«Странность».
Морис Равель – композитор популярный, но неизвестный. В широких народных массах редок гражданин, не слышавший слова «болеро» и не отождествляющий его с вполне определенным музыкальным произведением. Имеющие слух да напоют «ныыы, ны-ны-ны-ны-ны-ны-ны, ны-ны-ныыы», а особо посвященным и фамилия автора знакома. Так вот и прославился бедолага, узаконив музыкальную форму, основанную на инструментальном и динамическом развитии одной, честно говоря, довольно незамысловатой мелодии. Так вот форму эту и эксплуатируют с тех пор музыканты от мала до велика. А о том, что Морис Равель – наиболее яркий, после Клода Дебюсси, представитель музыкального импрессионизма, пренебрегающего, в частности, четкостью форм и законченностью фраз, вспоминать как-то и не принято.

Морис – превосходный, уж посильнее Клода, оркестровщик. В совершенстве владея инструментарием симфонической кухни, он не всегда преодолевал искушение понагородить всяческих пикантных заморочек для гурманов.
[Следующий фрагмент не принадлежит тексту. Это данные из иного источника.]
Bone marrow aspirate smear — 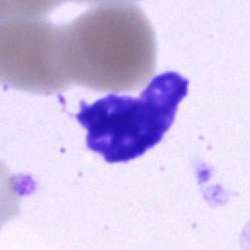Morphology consistent with an artefact.
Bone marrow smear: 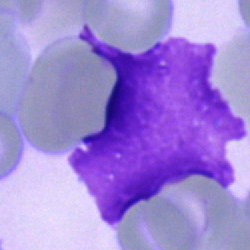
Artefact.
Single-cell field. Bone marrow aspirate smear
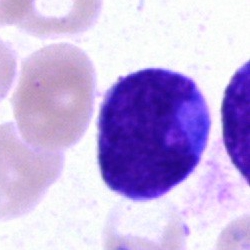
Q: What type of cell is this?
A: A blast cell.
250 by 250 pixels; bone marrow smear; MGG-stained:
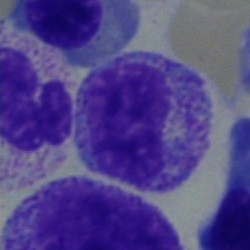Q: What cell is this?
A: A myelocyte.
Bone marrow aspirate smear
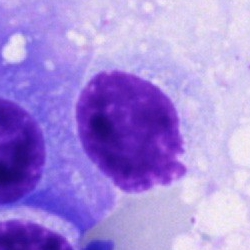

Cell type: artifact.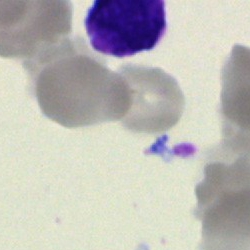This is a typical lymphocyte.
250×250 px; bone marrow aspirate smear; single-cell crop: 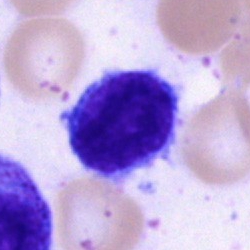Classification: typical lymphocyte.
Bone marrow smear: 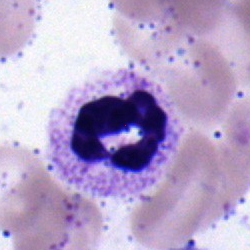Specimen: bone marrow smear.
Morphological class: polymorphonuclear neutrophil.
Lineage: myeloid.
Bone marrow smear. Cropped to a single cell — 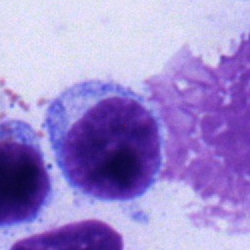 Morphology — typical lymphocyte.
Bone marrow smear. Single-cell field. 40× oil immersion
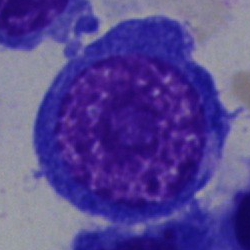Morphological class — nucleated red blood cell.
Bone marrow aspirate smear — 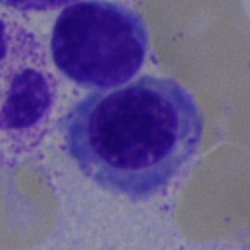
Impression — nucleated red cell.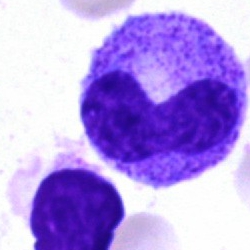{"cell_type": "band neutrophil", "lineage": "myeloid"}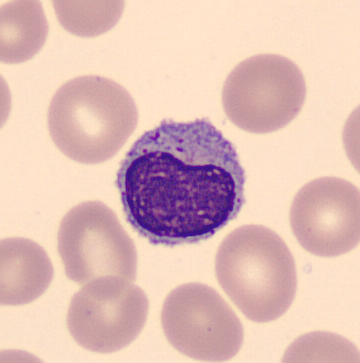Acquisition: Peripheral blood smear. May Grünwald-Giemsa stain. Q: What cell is this?
A: Lymphocyte.
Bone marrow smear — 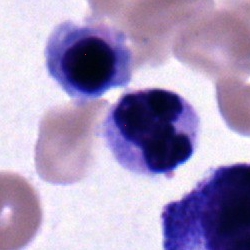
This is a neutrophil (band).
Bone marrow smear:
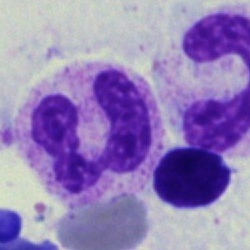 Q: What is the morphological classification of this cell?
A: It is a polymorphonuclear neutrophil.
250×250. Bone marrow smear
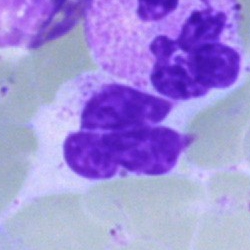Q: What is shown here?
A: It is an artefact.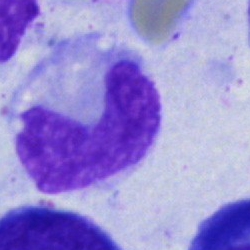A band-form neutrophil.
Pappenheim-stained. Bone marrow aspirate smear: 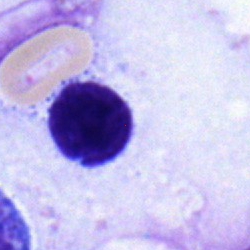 Classification = lymphocyte.

А вот я лично их не очень люблю – подавайте жаркого, да кусман посолиднее, да поострее, да пожирнее, да чтоб побольше соуса. И первой вещью, которая меня поразила прямо в морально неустойчивый мозг, заставив если не полюбить Равеля безоговорочно, то, по крайней мере, смириться с его статусом великого композитора, стала «цыганка« – изначально инструментальная пьеса для скрипки и фортепиано.
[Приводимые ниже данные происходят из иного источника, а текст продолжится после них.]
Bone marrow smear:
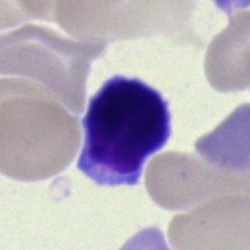 Morphology consistent with a lymphocyte.
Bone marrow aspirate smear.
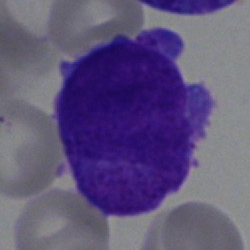 Impression → blast.
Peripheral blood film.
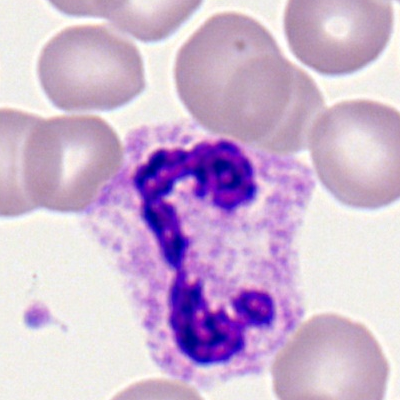Impression → segmented neutrophil.
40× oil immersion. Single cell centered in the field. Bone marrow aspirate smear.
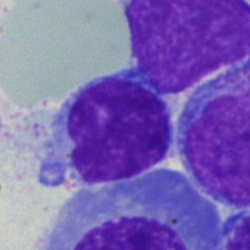

The cell shown is a typical lymphocyte.
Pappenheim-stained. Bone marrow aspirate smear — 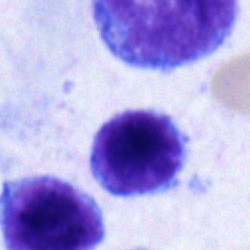 Specimen: bone marrow aspirate smear.
Classification: typical lymphocyte.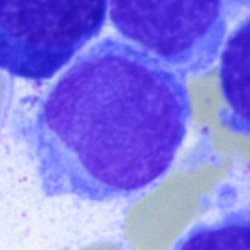

Bone marrow smear showing a hairy cell.
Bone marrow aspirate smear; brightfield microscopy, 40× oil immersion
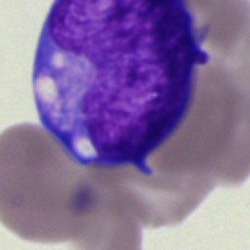

Morphological class — undifferentiated blast.
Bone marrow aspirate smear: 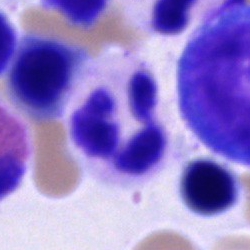 Specimen: bone marrow smear.
Morphological class: polymorphonuclear neutrophil.
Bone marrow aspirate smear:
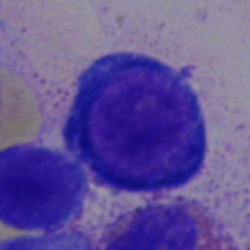 Morphology — pronormoblast.
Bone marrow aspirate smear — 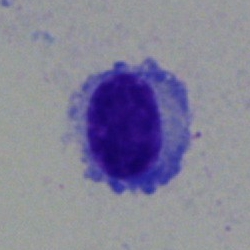
Single cell identified as a plasmacyte.
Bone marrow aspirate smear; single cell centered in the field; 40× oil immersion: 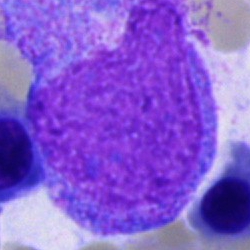
Q: What is the morphological classification of this cell?
A: Promyelocyte.

Музыка импрессионистов очень живописна. Агрессивно вступающая одинокая скрипка «цыганки» ведет странную линию, сотканную из разнохарактерных мелодий, уводящую слушателя куда-то далеко. Даже я, гордящийся принадлежностью к трем процентам человечества, которые Господь наделил абсолютным слухом, не могу понять, в какой тональности написано начало вещи. Всяк отчается уловить в хитровывернутом соло логику, интонации, знакомые по всяким там Паганини, и попробует абстрагироваться.

Тут-то и появится стройная смуглая брюнетка в кричащих одеждах, сверкающая добрым килограммом желтого металла мелкой фракции. Пользуясь необъятностью юбок и кофтенций, она даже не танцует, а трансформируется – то ли это водопад под лучами заката, то ли на глазах растущее экзотическое растение.
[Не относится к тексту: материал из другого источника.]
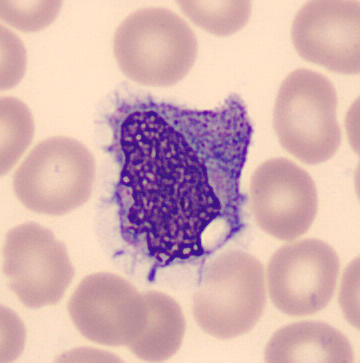Q: What type of cell is this?
A: Monocyte.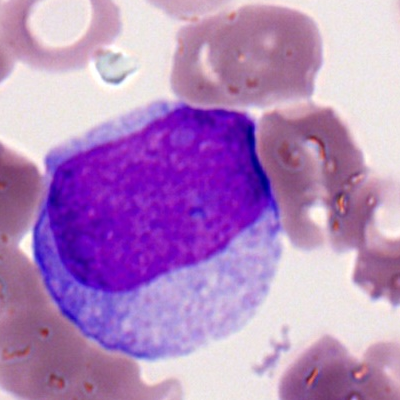 Q: Which cell type is shown here?
A: It is a myeloblast.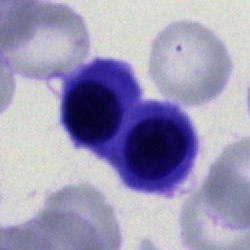Nucleated red cell.
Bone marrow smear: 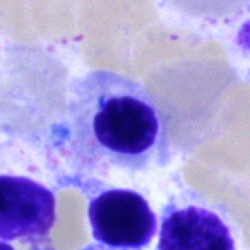Classification = normoblast.
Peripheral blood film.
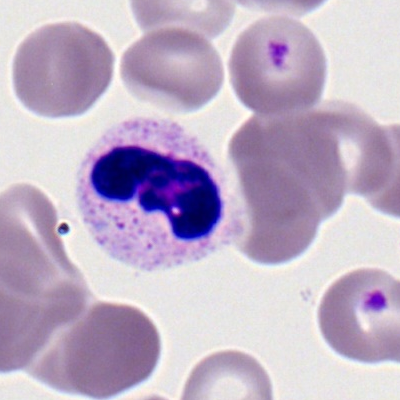 Morphology consistent with a polymorphonuclear neutrophil.
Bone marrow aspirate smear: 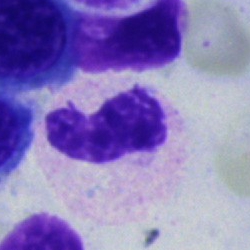A band-form neutrophil.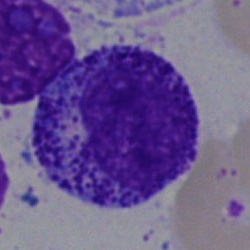Q: Which cell type is shown here?
A: A progranulocyte.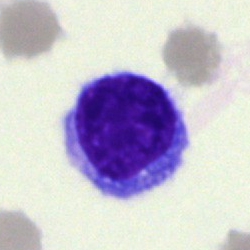Q: Which cell type is shown here?
A: A typical lymphocyte.
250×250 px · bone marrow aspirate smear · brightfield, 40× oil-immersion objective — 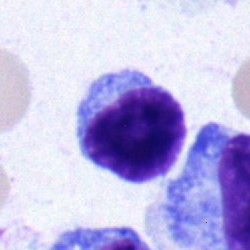

Q: Which cell type is shown here?
A: It is a typical lymphocyte.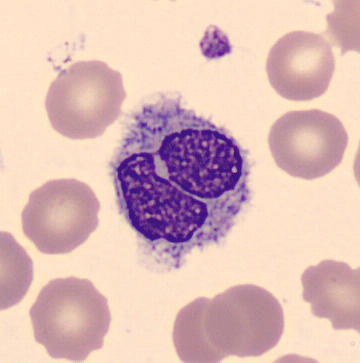

Peripheral blood film.

Cell type: monocyte.
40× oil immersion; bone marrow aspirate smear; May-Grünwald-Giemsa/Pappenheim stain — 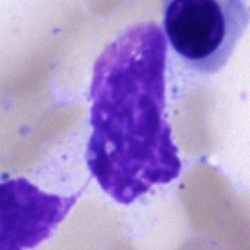

The cell type is artifact.
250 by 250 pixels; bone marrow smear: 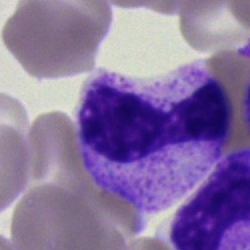

The cell shown is a neutrophil (band).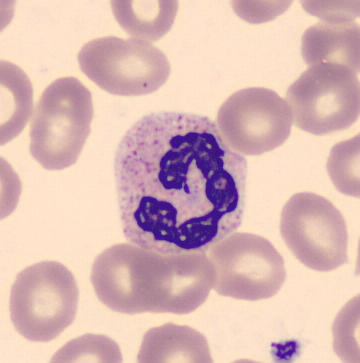
Acquisition: Peripheral blood smear · single cell centered in the field · 360 by 363 pixels. The cell is neutrophil (segmented).
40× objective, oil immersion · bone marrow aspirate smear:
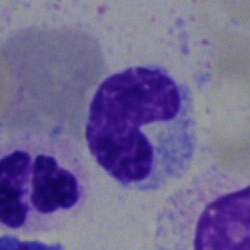
A band-form neutrophil.

Даже не сразу и сообразишь, что это представление только для тебя – пока она неожиданно не окажется совсем рядом и не вперится в тебя чернющими глазами. Словно найдя точку опоры, успокоенная скрипка тянет до-мажорное тремоло. Ну, что – все, что ли? Фигу. Танцы только начинаются.

Офигительная находка – застоявшийся в кустах рояль, о существовании которого мы уже как-то и забыли, уверенно вступает тритонным диссонансом. Если дальше интересно – отойди-ка в сторонку, пока ненароком не треснул тебя локтем поддых гитарист-краснорубашечник.

Здесь есть все: и звон монист, и космополитическое «ай-нэ-нэ», и якобы стопроцентно испанское фламенко. Но зачем вслушиваться, если интереснее смотреть? В наших широтах цыганщина сводится к паре театральных стандартов, осторожно вырабатываемых многодетными заслуженными актрисами. Ни в театре, ни в пресловутом «Яру» (Яре?) вам не увидеть такой смерч из юбок.